Provided records section start

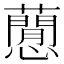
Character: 𧂡
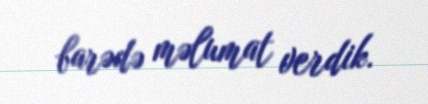
barədə məlumat verdik.
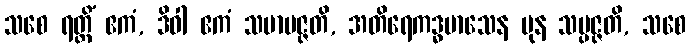
သစေ ရတ္တိံ ဧကံ, ဒိဝါ ဧကံ သမာပဇ္ဇတိ, အတိရေကဒ္ဓမာသေန ပုန သမ္ပဇ္ဇတိ, သစေ
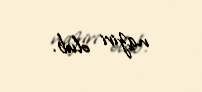
naziri olub.
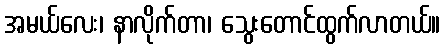
အမယ်လေး၊ နာလိုက်တာ၊ သွေးတောင်ထွက်လာတယ်။
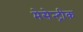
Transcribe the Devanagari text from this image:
मेसेन्ट्रीक
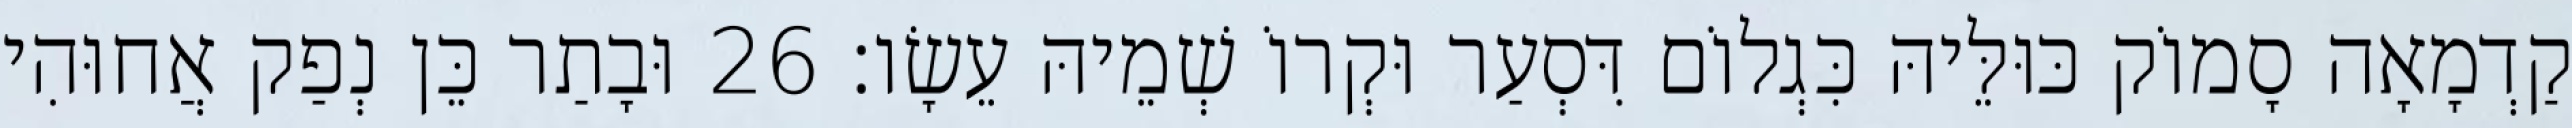
קַדְמָאָה סָמוֹק כּוּלֵּיהּ כִּגְלוֹם דִּסְעַר וּקְרוֹ שְׁמֵיהּ עֵשָׂו׃ 26 וּבָתַר כֵּן נְפַק אֲחוּהִי
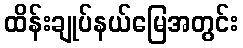
ထိန်းချုပ်နယ်မြေအတွင်း
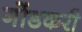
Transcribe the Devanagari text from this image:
गोंडकरी
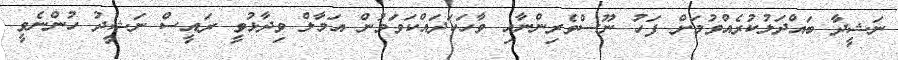
ނަޝީދާ ބައްދަލުކުރެއްވުމަށް ފަހު ނޫސްވެރިންނާއި ވާހަކަދައްކަވަމުން އަމާލް ވިދާޅުވީ ރައީސް ނަޝީދު ހުންނެވީ
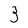
Character: 3
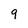
Character: 9
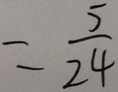
= \frac { 5 } { 2 4 }
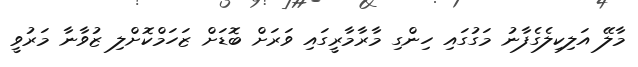
މާލޭ އަލިކިލެގެފާނު މަގުގައި ހިންގި މާރާމާރީގައި ވަރަށް ބޮޑަށް ޒަހަމްކޮށްލި ޒުވާނާ މަރުވީ
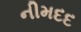
નીમદદ
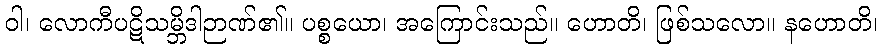
ဝါ၊ လောကီပဋိသမ္ဘိဒါဉာဏ်၏။ ပစ္စယော၊ အကြောင်းသည်။ ဟောတိ၊ ဖြစ်သလော။ နဟောတိ၊
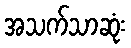
အသက်သာဆုံး
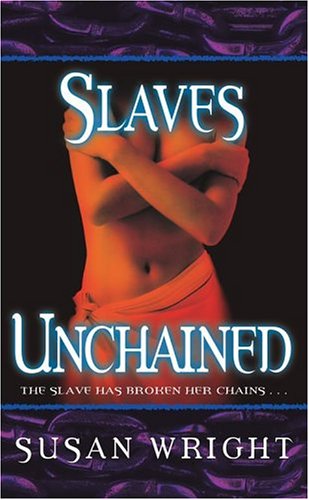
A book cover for Slaves Unchained (Slave Trade); Susan Wright; Romance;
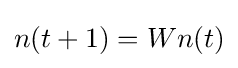
n(t+1)=Wn(t)
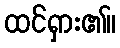
ထင်ရှား၏။
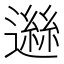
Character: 𨖾

Provided records section end

Problem statement: Retype the records above exactly, pictures omitted.

Answer for the task:
Character: 𧂡
barədə məlumat verdik.
သစေ ရတ္တိံ ဧကံ, ဒိဝါ ဧကံ သမာပဇ္ဇတိ, အတိရေကဒ္ဓမာသေန ပုန သမ္ပဇ္ဇတိ, သစေ
naziri olub.
အမယ်လေး၊ နာလိုက်တာ၊ သွေးတောင်ထွက်လာတယ်။
Transcribe the Devanagari text from this image:
मेसेन्ट्रीक
קַדְמָאָה סָמוֹק כּוּלֵּיהּ כִּגְלוֹם דִּסְעַר וּקְרוֹ שְׁמֵיהּ עֵשָׂו׃ 26 וּבָתַר כֵּן נְפַק אֲחוּהִי
ထိန်းချုပ်နယ်မြေအတွင်း
Transcribe the Devanagari text from this image:
गोंडकरी
ނަޝީދާ ބައްދަލުކުރެއްވުމަށް ފަހު ނޫސްވެރިންނާއި ވާހަކަދައްކަވަމުން އަމާލް ވިދާޅުވީ ރައީސް ނަޝީދު ހުންނެވީ
Character: 3
Character: 9
= \frac { 5 } { 2 4 }
މާލޭ އަލިކިލެގެފާނު މަގުގައި ހިންގި މާރާމާރީގައި ވަރަށް ބޮޑަށް ޒަހަމްކޮށްލި ޒުވާނާ މަރުވީ
નીમદદ
ဝါ၊ လောကီပဋိသမ္ဘိဒါဉာဏ်၏။ ပစ္စယော၊ အကြောင်းသည်။ ဟောတိ၊ ဖြစ်သလော။ နဟောတိ၊
အသက်သာဆုံး
A book cover for Slaves Unchained (Slave Trade); Susan Wright; Romance;
n(t+1)=Wn(t)
ထင်ရှား၏။
Character: 𨖾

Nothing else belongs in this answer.